Efficient Optimized YOLOv8 Model with Extended Vision

In the field of object detection, enhancing algorithm performance in complex scenarios represents a fundamental technological challenge. To address this issue, this paper presents an efficient optimized YOLOv8 model with extended vision (YOLO-EV), which optimizes the performance of the YOLOv8 model through a series of innovative improvement measures and strategies. First, we propose a multi-branch group-enhanced fusion attention (MGEFA) module and integrate it into YOLO-EV, which significantly boosts the model's feature extraction capabilities. Second, we enhance the existing spatial pyramid pooling fast (SPPF) layer by integrating large scale kernel attention (LSKA), improving the model's efficiency in processing spatial information. Additionally, we replace the traditional IOU loss function with the Wise-IOU loss function, thereby enhancing localization accuracy across various target sizes. We also introduce a P6 layer to augment the model's detection capabilities for multi-scale targets.

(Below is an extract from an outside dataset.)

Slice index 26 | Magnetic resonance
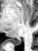 The posterior hippocampus lies within (left=13, top=39, right=20, bottom=45).

Through network structure optimization, we achieve higher computational efficiency, ensuring that YOLO-EV consumes fewer computational resources than YOLOv8s. In the validation section, preliminary tests on the VOC12 dataset demonstrate YOLO-EV's effectiveness in standard object detection tasks. Moreover, YOLO-EV has been applied to the CottonWeedDet12 and CropWeed datasets, which are characterized by complex scenes, diverse weed morphologies, significant occlusions, and numerous small targets. Experimental results indicate that YOLO-EV exhibits superior detection accuracy in these complex agricultural environments compared to the original YOLOv8s and other state-of-the-art models, effectively identifying and locating various types of weeds, thus demonstrating its significant practical application potential.